▶ **Material shown**
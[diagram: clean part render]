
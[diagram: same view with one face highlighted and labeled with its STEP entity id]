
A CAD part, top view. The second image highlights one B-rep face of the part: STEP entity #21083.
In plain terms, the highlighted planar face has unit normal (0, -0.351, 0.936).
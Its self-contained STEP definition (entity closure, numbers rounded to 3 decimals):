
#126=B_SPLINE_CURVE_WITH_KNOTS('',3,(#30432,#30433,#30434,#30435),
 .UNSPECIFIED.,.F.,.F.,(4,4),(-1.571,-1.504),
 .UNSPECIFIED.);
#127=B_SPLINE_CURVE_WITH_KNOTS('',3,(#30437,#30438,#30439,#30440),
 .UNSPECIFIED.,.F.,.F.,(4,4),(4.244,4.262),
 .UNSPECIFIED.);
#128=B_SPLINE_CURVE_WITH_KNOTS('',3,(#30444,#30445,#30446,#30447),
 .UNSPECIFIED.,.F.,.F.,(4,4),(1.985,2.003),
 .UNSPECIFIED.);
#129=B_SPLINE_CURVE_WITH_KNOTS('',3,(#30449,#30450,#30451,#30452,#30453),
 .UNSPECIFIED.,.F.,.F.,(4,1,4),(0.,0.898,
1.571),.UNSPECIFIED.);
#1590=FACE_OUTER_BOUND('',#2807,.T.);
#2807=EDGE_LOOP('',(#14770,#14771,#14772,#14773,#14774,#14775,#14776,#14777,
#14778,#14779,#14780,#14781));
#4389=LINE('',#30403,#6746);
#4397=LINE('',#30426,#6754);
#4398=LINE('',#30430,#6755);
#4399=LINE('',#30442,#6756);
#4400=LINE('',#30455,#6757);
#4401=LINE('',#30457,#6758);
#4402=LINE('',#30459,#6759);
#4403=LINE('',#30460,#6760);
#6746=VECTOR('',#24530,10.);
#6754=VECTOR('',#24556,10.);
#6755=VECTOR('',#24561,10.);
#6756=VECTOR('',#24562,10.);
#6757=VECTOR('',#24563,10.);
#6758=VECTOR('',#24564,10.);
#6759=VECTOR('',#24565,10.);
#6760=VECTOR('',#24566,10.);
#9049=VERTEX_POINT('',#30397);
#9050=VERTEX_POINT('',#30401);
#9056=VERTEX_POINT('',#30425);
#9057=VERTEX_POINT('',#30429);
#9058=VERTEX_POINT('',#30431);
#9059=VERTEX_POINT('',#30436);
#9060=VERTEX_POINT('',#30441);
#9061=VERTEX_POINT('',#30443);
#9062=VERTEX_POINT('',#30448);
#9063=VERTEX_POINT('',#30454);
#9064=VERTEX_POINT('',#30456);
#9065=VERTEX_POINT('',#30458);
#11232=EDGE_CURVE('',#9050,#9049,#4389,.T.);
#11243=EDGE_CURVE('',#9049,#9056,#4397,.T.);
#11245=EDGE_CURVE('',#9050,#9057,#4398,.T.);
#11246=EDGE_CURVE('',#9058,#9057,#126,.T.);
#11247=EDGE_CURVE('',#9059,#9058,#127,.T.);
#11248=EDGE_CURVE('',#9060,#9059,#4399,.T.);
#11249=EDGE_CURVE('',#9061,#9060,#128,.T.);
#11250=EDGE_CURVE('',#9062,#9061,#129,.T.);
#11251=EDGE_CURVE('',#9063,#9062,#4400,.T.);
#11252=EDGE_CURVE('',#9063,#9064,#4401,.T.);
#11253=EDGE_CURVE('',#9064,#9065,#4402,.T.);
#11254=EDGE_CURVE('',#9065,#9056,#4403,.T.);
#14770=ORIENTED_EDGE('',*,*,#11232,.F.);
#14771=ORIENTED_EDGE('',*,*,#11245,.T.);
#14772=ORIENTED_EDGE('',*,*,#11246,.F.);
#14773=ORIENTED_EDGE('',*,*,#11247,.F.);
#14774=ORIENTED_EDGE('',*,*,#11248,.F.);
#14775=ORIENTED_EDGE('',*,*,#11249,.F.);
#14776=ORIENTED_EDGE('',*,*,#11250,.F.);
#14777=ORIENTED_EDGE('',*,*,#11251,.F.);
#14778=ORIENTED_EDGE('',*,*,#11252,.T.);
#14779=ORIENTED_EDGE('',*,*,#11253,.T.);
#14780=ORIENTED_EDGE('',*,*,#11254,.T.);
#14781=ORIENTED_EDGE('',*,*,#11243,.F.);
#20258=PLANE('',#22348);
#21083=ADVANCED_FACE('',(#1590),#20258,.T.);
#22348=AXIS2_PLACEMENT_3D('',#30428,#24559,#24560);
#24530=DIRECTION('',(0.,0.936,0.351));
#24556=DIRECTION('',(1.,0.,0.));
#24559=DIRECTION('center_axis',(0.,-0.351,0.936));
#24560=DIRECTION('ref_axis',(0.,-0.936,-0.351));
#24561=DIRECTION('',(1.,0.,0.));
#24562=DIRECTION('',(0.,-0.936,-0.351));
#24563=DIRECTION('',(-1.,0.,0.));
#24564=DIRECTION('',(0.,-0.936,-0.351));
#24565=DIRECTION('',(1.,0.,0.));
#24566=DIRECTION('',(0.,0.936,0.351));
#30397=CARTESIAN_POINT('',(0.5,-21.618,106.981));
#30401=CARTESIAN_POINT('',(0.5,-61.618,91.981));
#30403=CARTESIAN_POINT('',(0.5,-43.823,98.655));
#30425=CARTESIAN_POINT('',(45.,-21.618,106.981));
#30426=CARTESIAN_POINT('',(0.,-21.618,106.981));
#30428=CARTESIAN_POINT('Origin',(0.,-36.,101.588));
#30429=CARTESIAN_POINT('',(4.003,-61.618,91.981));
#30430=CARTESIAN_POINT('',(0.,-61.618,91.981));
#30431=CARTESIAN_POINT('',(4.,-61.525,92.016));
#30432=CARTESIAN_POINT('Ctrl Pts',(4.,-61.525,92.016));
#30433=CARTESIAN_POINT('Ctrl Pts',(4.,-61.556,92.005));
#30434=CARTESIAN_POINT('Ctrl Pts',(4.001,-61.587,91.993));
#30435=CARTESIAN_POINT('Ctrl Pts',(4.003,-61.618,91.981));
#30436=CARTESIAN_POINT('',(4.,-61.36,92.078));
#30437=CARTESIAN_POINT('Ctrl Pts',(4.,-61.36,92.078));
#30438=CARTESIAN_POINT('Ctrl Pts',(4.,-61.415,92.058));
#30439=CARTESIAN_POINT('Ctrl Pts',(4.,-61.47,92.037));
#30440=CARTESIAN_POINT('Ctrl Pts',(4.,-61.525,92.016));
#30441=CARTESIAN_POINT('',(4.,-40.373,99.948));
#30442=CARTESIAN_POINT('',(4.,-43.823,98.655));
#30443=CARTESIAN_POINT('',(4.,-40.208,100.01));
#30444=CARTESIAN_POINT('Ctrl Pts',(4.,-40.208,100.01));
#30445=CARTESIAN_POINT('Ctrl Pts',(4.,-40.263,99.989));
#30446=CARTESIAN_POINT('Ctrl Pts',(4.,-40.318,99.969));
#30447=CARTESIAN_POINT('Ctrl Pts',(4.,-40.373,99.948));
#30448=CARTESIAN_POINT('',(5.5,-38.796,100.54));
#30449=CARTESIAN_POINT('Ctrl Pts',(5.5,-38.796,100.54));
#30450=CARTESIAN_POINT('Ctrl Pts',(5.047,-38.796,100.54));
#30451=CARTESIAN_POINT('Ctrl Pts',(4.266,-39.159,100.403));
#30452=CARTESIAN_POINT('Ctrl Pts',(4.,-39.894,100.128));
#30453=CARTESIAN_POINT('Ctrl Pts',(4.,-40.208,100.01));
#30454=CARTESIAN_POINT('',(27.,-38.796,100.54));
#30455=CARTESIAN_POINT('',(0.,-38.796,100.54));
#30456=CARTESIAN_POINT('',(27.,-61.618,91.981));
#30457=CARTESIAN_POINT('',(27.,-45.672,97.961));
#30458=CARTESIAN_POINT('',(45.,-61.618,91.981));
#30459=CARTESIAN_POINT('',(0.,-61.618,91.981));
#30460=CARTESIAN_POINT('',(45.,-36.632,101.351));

--

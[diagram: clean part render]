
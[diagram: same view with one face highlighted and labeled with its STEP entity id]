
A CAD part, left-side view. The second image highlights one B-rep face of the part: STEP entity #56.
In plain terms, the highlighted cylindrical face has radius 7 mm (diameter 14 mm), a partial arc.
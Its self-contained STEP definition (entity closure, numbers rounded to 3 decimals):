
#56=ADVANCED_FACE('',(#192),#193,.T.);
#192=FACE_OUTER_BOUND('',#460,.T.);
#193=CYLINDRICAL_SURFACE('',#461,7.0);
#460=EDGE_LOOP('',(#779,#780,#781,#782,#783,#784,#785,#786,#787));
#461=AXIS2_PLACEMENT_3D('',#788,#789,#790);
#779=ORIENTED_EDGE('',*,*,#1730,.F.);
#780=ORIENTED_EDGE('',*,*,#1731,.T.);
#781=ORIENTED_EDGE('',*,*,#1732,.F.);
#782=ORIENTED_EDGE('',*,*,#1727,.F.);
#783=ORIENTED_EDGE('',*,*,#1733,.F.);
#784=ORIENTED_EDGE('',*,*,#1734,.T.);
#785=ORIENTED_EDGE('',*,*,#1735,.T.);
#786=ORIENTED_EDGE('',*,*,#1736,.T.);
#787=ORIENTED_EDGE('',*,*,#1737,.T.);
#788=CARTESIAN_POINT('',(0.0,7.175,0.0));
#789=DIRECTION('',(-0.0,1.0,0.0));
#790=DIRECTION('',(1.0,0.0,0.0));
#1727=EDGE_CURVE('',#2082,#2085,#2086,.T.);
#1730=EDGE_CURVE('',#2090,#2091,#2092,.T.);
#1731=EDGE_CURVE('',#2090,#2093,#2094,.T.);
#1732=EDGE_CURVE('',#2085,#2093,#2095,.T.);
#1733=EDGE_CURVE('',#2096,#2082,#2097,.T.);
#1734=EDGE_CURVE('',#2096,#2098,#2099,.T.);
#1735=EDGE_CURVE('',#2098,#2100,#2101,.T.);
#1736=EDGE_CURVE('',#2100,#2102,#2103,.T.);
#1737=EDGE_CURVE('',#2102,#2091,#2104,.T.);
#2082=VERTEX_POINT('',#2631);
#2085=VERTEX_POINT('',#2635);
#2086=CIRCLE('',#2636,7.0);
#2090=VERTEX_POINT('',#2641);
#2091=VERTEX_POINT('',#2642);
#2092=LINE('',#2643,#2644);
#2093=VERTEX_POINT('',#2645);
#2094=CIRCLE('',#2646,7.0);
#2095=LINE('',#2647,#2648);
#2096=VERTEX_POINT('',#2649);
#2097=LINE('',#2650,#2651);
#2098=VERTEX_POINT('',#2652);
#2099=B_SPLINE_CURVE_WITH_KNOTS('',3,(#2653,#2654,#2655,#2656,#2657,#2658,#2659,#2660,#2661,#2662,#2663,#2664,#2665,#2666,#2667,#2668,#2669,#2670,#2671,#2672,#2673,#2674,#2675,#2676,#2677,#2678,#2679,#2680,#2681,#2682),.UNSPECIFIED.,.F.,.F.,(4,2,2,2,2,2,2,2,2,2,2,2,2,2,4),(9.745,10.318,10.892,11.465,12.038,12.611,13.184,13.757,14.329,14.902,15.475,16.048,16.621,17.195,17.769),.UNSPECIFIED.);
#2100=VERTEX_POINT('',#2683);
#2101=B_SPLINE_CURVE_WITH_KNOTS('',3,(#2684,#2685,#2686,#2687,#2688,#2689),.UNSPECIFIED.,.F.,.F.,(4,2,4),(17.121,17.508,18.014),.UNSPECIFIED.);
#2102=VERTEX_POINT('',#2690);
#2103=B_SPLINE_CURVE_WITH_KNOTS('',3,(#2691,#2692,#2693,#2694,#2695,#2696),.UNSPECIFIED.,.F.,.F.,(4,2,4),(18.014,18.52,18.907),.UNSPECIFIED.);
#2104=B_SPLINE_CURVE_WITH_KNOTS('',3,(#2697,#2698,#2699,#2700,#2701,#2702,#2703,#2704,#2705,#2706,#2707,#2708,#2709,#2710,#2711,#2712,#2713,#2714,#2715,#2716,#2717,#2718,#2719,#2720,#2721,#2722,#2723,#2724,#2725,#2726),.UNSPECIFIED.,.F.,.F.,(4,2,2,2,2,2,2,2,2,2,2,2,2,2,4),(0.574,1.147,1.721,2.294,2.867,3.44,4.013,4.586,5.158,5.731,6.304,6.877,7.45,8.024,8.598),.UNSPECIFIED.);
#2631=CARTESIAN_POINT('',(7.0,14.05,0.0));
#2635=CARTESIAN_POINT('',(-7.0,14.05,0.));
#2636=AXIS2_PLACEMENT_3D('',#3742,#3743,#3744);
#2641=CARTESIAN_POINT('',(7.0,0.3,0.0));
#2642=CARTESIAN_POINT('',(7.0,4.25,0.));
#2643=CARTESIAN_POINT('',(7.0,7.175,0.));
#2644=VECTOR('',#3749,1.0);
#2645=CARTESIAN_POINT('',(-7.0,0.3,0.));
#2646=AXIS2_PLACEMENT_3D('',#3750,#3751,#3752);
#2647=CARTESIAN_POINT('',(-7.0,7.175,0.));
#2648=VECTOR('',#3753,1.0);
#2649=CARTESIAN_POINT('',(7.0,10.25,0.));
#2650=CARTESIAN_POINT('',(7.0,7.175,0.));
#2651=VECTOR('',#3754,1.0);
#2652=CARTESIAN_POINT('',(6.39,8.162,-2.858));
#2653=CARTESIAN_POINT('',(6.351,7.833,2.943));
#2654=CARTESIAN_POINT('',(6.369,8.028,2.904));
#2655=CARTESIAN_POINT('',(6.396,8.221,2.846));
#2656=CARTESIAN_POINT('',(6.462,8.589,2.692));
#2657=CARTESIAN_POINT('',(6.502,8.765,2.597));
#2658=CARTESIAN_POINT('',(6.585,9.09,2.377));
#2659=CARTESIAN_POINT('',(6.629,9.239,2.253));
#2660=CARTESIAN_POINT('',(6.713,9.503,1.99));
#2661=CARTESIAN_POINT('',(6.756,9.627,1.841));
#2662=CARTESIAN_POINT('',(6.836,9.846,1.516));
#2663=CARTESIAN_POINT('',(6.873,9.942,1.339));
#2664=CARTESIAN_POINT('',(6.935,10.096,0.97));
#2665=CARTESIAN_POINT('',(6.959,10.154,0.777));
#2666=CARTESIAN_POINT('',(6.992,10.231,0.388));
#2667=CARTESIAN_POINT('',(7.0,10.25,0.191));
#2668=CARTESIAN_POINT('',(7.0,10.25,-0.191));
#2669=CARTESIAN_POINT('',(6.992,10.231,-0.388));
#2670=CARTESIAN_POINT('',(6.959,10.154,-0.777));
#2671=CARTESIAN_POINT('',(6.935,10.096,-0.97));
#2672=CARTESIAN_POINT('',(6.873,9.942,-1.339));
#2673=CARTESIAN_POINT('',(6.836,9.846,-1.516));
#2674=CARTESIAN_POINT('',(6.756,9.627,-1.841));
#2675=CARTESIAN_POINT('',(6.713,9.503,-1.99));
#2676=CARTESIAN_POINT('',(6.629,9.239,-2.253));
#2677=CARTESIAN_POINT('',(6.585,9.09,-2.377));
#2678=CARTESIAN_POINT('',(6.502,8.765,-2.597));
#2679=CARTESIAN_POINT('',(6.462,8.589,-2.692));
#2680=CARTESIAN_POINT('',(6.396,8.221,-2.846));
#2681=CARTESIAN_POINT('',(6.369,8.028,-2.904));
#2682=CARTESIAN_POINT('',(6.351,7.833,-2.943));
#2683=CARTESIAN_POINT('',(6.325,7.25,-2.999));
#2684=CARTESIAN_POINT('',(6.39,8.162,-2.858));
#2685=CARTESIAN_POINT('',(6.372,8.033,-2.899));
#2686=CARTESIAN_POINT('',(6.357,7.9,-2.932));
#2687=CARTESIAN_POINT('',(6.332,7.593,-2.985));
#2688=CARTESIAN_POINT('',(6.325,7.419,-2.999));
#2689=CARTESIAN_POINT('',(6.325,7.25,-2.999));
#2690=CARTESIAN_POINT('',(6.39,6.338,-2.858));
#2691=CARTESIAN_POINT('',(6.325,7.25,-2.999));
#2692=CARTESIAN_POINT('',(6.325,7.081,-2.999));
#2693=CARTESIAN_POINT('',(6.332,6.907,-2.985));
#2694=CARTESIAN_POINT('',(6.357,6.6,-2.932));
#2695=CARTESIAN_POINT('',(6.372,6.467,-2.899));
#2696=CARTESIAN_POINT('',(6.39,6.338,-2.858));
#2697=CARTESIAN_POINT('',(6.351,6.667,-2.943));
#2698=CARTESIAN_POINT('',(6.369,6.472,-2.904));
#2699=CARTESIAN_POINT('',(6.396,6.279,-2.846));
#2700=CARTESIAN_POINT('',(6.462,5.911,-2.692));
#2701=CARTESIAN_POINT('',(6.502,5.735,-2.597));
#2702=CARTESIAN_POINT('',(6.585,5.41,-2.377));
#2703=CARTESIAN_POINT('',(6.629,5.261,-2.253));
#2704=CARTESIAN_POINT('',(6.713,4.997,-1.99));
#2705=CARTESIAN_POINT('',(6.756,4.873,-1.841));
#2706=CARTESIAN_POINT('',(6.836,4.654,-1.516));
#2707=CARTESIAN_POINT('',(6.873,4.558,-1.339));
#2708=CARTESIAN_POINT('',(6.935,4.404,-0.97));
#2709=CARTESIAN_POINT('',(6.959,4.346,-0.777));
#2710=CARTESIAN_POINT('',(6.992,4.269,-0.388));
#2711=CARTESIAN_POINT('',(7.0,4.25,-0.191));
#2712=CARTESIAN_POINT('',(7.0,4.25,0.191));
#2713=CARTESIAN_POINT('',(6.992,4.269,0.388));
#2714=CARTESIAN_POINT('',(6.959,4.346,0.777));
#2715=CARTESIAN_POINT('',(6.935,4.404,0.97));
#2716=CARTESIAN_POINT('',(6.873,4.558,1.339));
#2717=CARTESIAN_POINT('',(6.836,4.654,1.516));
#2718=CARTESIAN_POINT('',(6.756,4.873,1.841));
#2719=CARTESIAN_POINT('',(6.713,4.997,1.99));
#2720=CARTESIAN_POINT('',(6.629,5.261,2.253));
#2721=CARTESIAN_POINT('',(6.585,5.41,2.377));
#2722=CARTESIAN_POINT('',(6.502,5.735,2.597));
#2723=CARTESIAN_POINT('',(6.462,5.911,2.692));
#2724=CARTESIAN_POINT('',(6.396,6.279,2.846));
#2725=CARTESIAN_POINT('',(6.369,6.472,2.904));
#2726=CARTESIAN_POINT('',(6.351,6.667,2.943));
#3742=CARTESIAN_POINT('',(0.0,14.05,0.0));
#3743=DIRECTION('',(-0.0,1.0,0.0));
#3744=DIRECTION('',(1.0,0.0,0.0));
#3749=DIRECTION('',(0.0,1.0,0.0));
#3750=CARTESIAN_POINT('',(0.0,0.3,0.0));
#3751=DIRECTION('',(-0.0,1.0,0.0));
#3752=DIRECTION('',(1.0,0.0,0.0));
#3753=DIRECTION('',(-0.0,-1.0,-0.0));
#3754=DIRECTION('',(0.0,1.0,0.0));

* * *

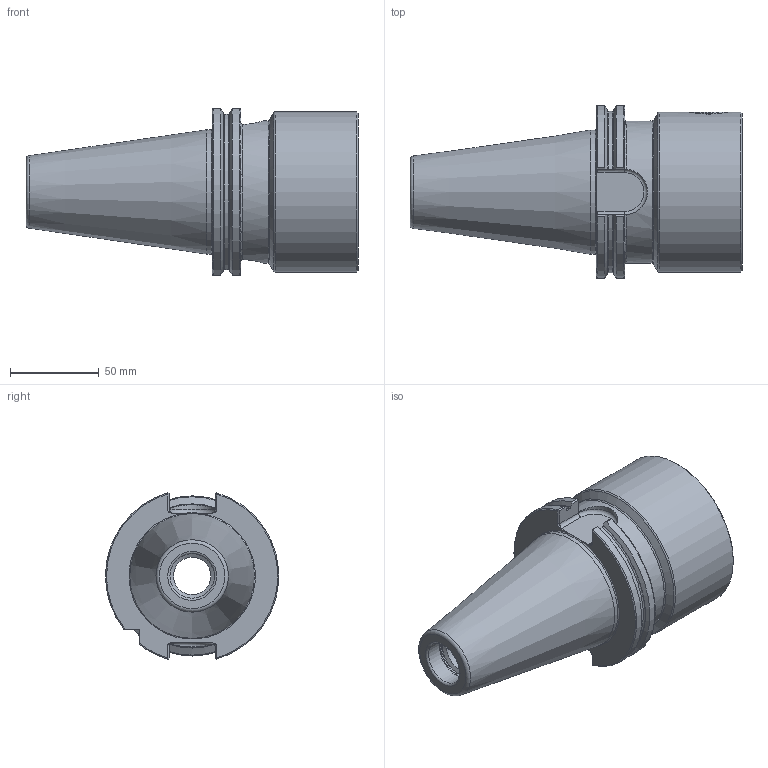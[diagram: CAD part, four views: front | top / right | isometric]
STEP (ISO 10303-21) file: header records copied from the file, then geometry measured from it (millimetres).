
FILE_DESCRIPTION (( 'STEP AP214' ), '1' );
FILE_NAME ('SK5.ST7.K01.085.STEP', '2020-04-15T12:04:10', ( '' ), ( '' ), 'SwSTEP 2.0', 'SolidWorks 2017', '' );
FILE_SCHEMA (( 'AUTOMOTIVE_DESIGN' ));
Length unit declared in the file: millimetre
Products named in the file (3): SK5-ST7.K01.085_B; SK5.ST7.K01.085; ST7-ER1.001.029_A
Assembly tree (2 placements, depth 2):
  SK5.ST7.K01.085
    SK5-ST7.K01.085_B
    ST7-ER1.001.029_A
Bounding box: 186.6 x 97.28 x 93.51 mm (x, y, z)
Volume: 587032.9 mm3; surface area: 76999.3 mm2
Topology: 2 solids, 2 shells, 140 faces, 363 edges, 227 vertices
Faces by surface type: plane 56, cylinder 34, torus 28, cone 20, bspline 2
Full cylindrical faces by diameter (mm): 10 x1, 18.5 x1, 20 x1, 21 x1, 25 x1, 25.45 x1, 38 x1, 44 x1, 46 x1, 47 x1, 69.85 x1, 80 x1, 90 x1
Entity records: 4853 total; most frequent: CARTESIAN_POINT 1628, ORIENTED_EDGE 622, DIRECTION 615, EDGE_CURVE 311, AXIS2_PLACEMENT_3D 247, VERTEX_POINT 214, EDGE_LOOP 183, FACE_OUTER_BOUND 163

▶ **Try it**
Look over the data and work out how many lines include the word "unit"; reply with the number only.

▶ **Exercise response**
2